Sample Paper 2018: Question 2

2 (a) What is the difference between the accuracy and precision of an analytical method? (4 marks)

Accuracy can be defined as the closeness of an obtained value to that of a known value.

Precision can be defined as the closeness of two or more values to each other.

(b) What are the advantages and disadvantages of gravimetric and volumetric analytical methods? (6 marks)

Gravimetric analysis

Advantages

Accurate and precise (given a modern weighing balance)
Absolute method (involved direct measurements without the need for calibration)
Relatively inexpensive
It allows for little room of instrumental error

Disadvantages

Time consuming
Analysis of a single element or compound at a time.
Methods are often convoluted and a slight misstep in a procedure can often mean disaster for the analysis

Volumetric Analysis

Advantages

It is generally cheap, requiring little in the way of equipment.
Level of skill required is minimal.
Rapid.
Results are immediately available.

Disadvantages

Destructive method (cannot obtain the analyte after the reaction).
Large volumes normally required.
Reactions have to be done in the liquid phase.
Limited accuracy.

(c) During mixing of an active ingredient in powder form with other ingredients, also in powder form, samples were taken from the top (labelled Top Sample) and bottom(labelled Bottom Sample) of the mixer and analysed several times for active ingredient
Six replicate analysis were carried out on each sample and the results were statistically analysed to determine whether or not the mix could be considered homogeneous at the 95% confidence level:

Top 8.54; 8.66; 8.84; 8.92; 8.59; and 8.51 mg per gm
Bottom 8.92; 9.00; 8.86; 8.75; 9.06 and 8.84 mg per gm

(i) State the null hypothesis (2 marks)

There is no significant difference between the concentration of the analyte in the top layer and the concentration of the analyte in the bottom layer. Any difference between these two samples is due to random error and not due to determinate error or the mix not being homogenous.
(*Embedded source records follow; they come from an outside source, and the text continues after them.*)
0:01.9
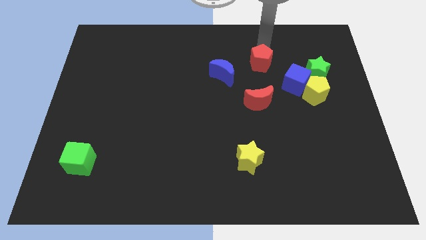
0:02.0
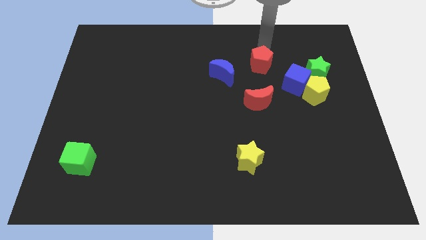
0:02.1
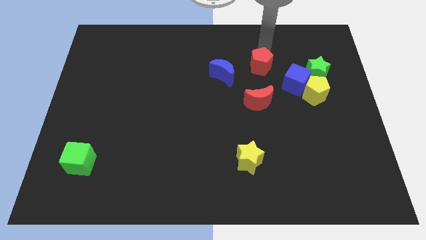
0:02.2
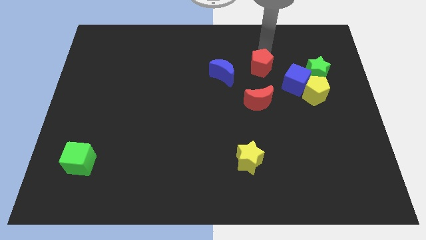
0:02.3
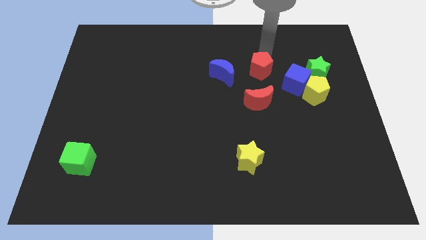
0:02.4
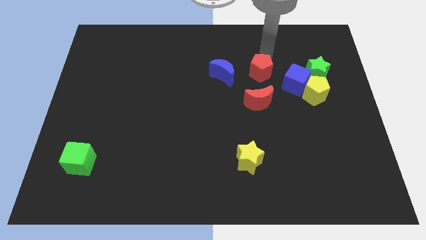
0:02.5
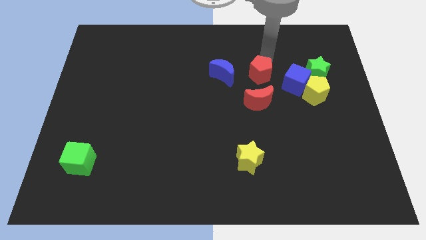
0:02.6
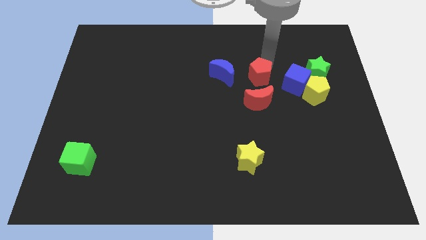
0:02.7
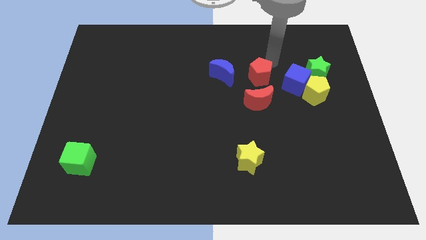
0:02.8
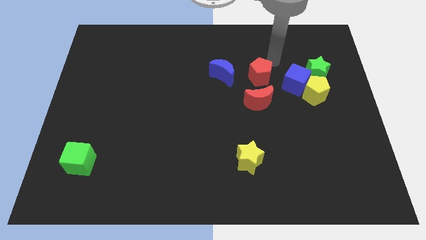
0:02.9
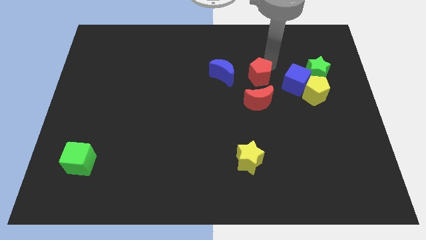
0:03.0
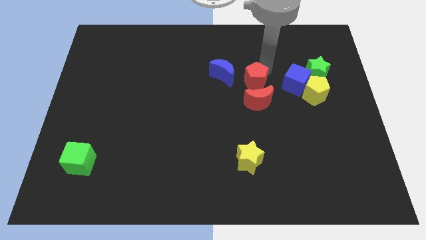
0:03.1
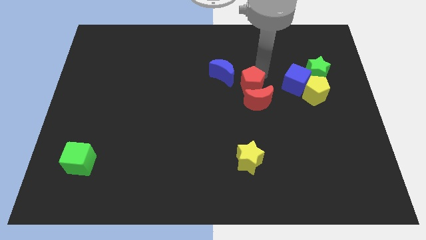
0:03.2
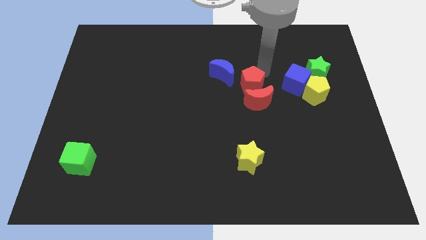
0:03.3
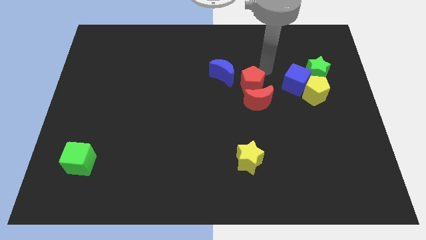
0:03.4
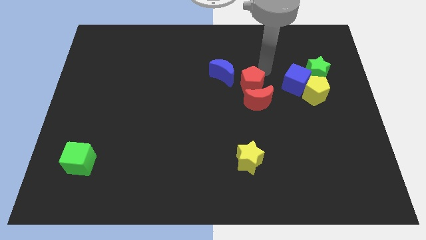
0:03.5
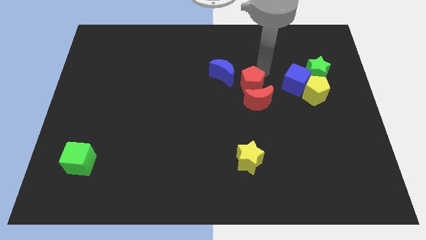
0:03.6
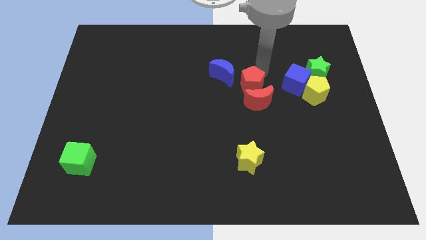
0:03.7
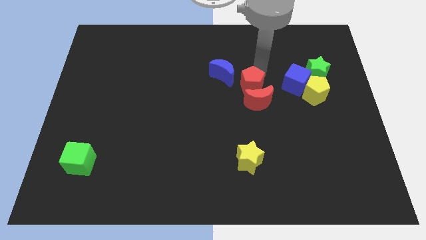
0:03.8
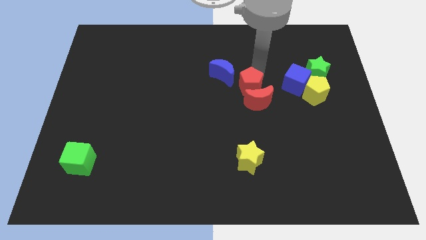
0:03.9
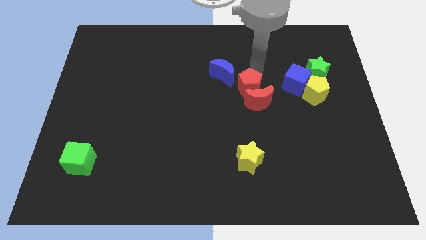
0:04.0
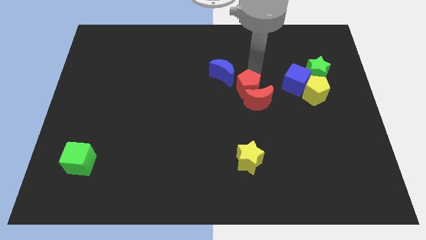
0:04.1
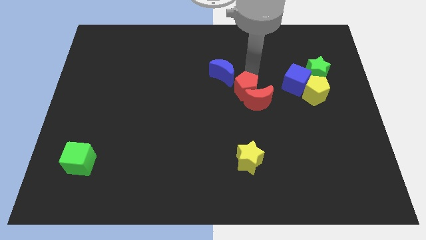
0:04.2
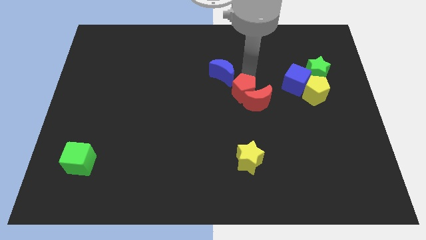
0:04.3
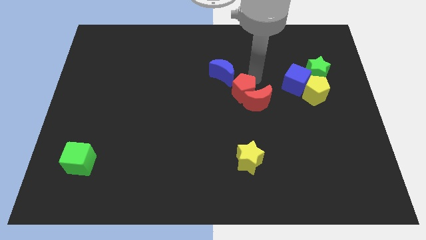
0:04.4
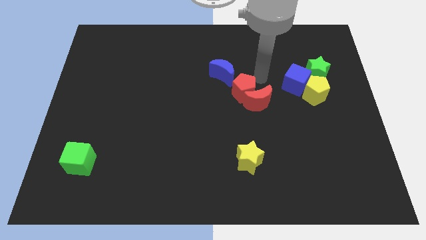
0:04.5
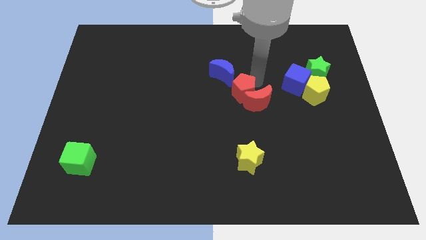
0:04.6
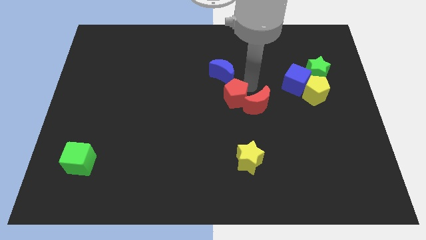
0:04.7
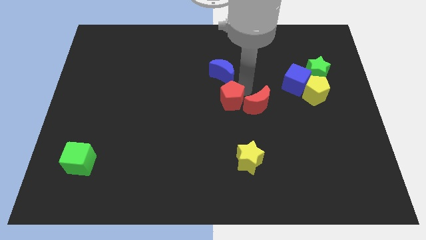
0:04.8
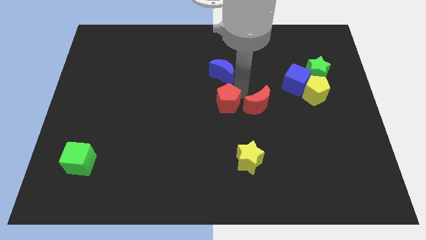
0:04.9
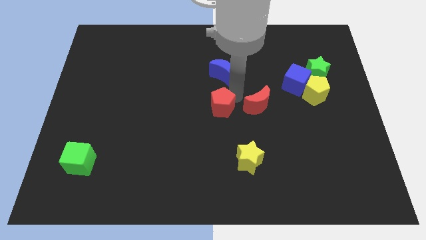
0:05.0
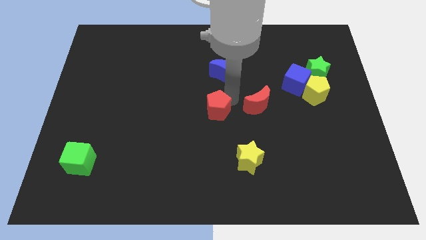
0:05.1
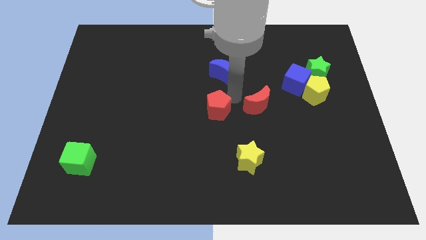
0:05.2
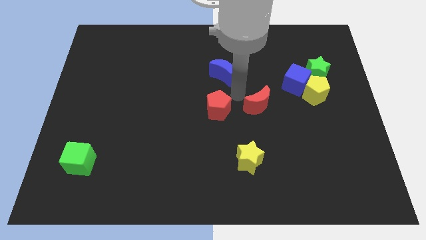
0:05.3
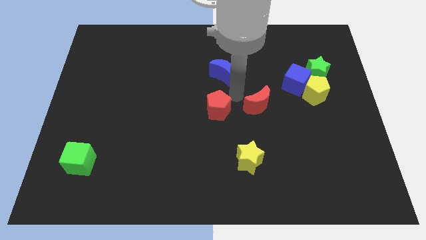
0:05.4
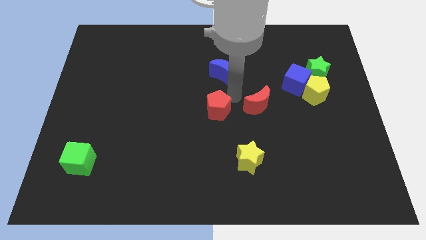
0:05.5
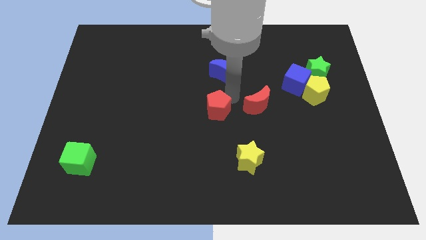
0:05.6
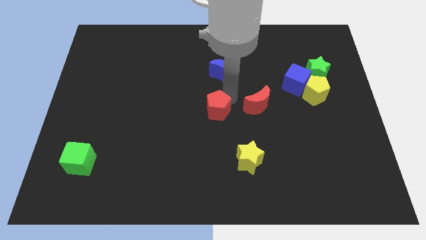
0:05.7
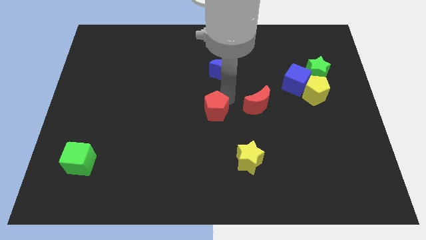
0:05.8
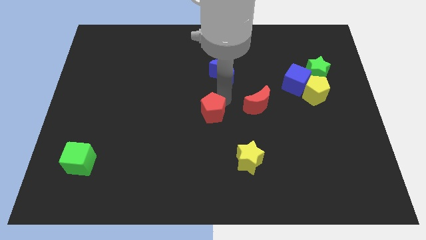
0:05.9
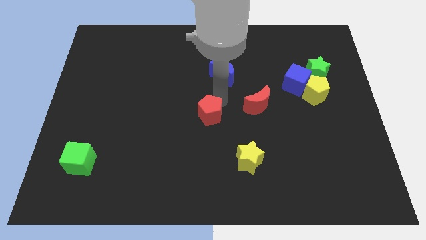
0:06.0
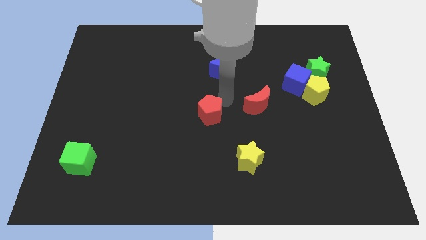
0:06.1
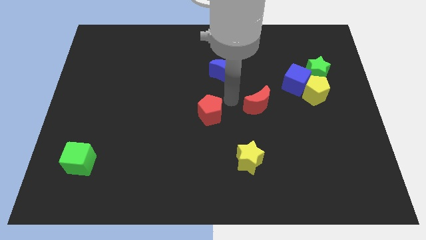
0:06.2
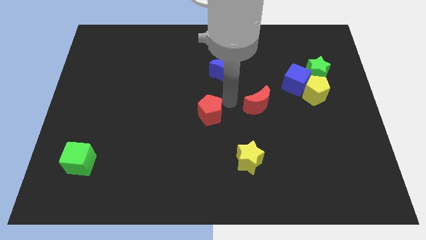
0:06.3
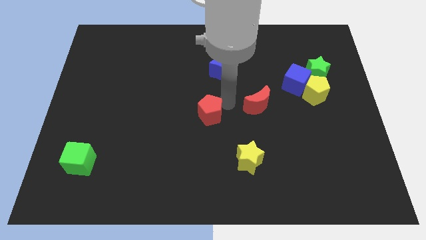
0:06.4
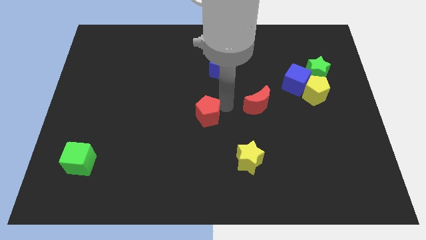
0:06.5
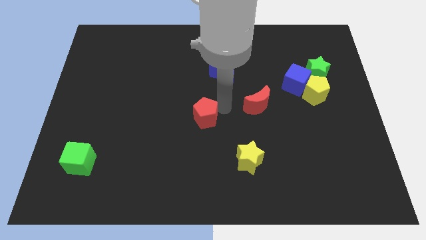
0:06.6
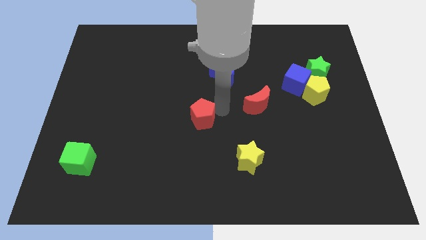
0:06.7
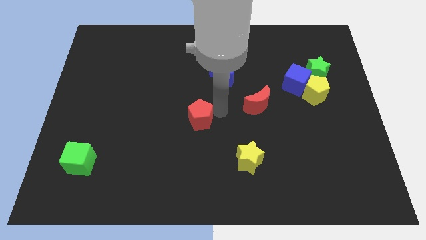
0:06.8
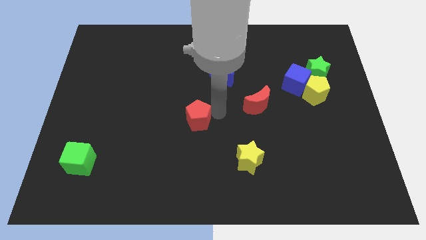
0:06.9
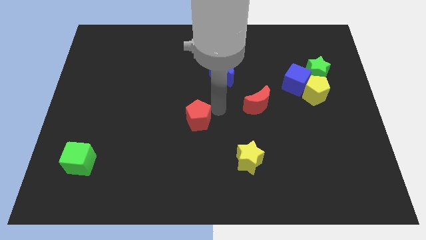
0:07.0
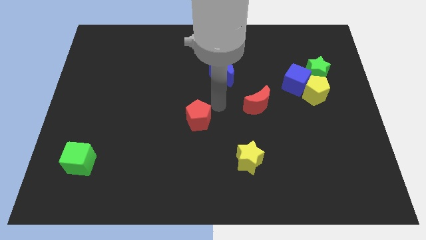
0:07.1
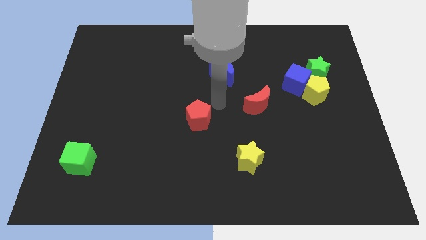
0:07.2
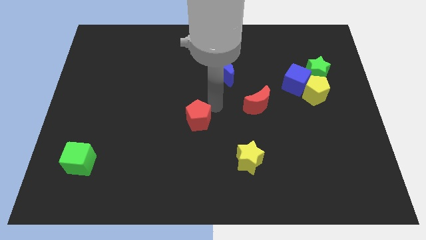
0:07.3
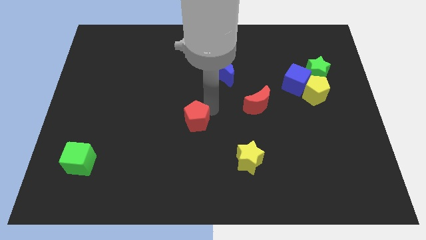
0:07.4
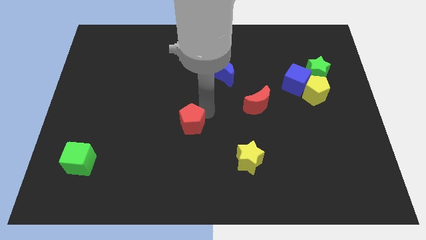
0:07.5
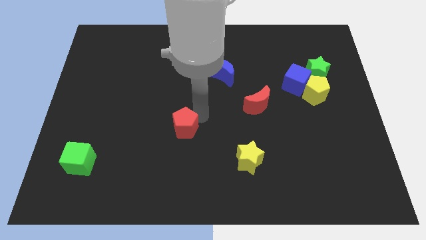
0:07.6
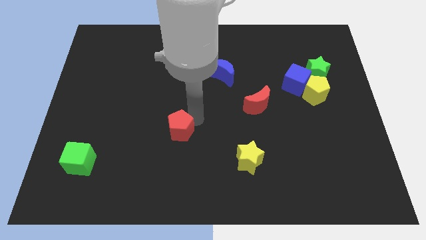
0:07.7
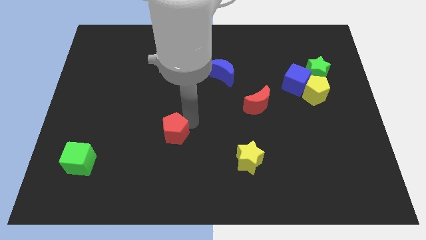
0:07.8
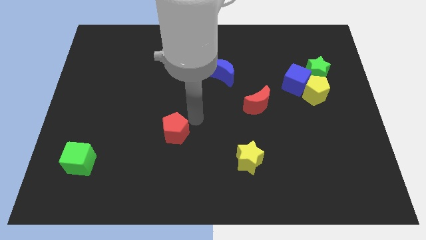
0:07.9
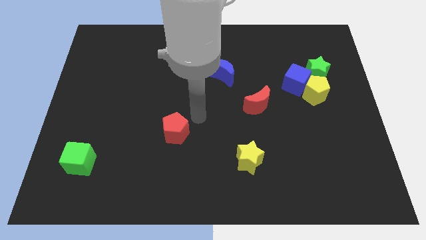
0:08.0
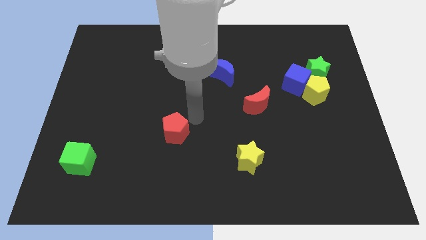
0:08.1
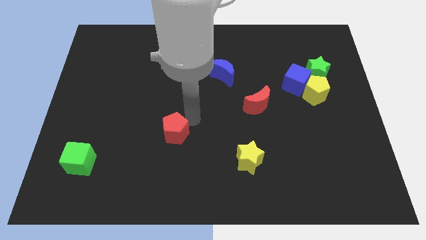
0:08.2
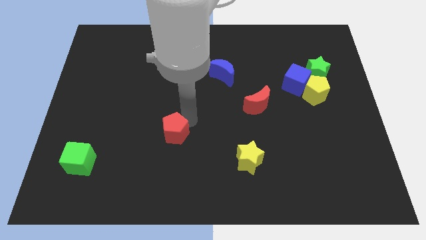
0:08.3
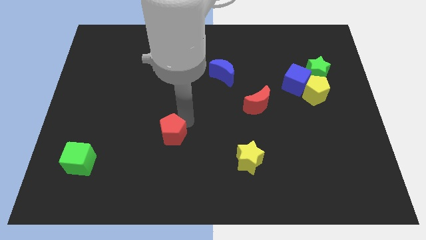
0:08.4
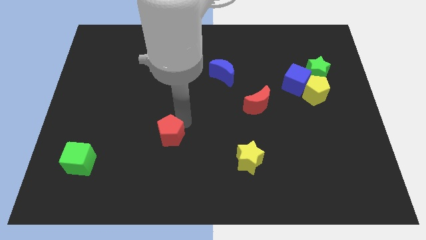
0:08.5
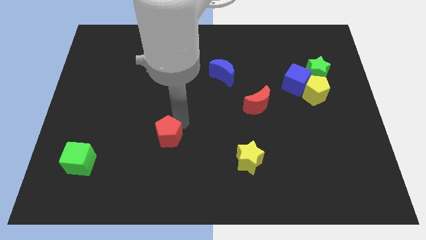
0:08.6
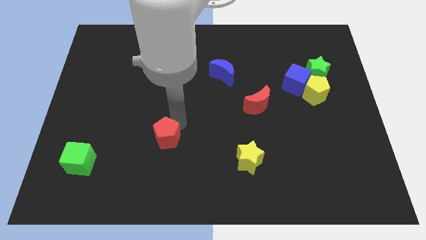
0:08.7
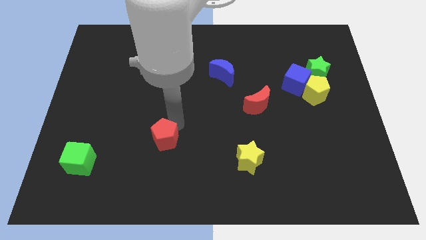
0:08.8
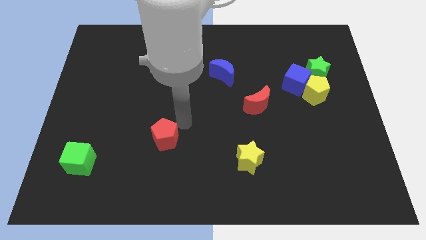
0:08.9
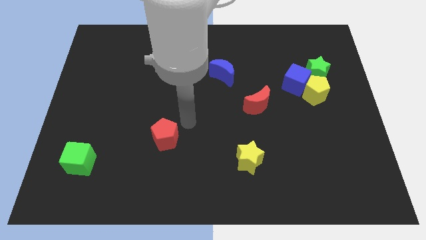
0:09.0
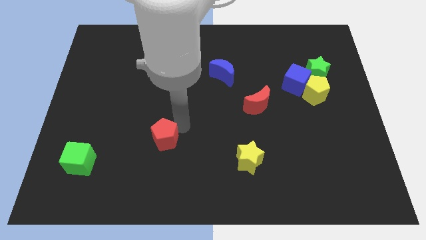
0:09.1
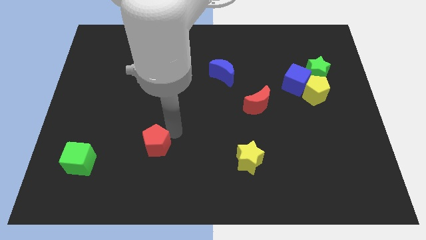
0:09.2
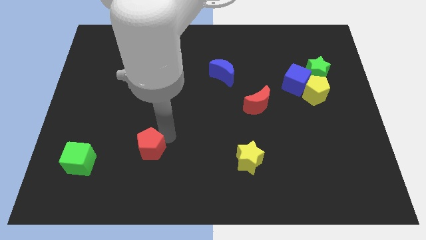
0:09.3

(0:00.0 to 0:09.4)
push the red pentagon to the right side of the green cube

(ii) Can the mix be considered as homogeneous at the 95% confidence level? (8 marks)

T-test is used as it is used to determine whether there is a significant difference between two groups.

$spooled=\sqrt{\frac{\sum x_{1}^{2}-\frac{(\sum x_{1})^2}{n_{1}}+\sum x_{2}^{2}-\frac{(\sum x_{2})^2}{n_{2}}}{n_{1}+{n_{2}}-2}}$

The data needed for the t-test can be seen in the below table.

	x1	x2	x1*x1	x2*x2
	8.54	8.92	72.9316	79.5664
	8.66	9.00	74.9956	81.00
	8.84	8.86	78.1456	78.4996
	8.92	8.75	79.5664	76.5625
	8.59	9.06	737881	82.0836
	8.51	8.84	72.4201	78.1456
Total	52.06	53.43	451.8474	475.8577

$spooled=\sqrt{\frac{451.847-\frac{52.06^2}{6}+475.8577-\frac{(53.43)^2}{6}}{10}}=0.1426$

The difference in the two means is:

$\overline{x}_1-\overline{x}_2=8.677-8.905=-0.22833$

The degrees of freedom in this question is 12-2, or 10. The t-value associated with 10 degrees of freedom at 95% confidence level is: 2.228

$\overline{x}_1-\overline{x}_2=t.spooled.\sqrt{\frac{N_1+N_2}{N_1.N_2}}$

$t.spooled.\sqrt{\frac{N_1+N_2}{N_1.N_2}}=2.228*0.1426*\sqrt{\frac{6+6}{36}}=0.1834$

Since $\overline{x}_1-\overline{x}_2> t.spooled.\sqrt{\frac{N_1+N_2}{N_1.N_2}}$ then the null hypothesis becomes invalid, showing that the mix is not homogenous.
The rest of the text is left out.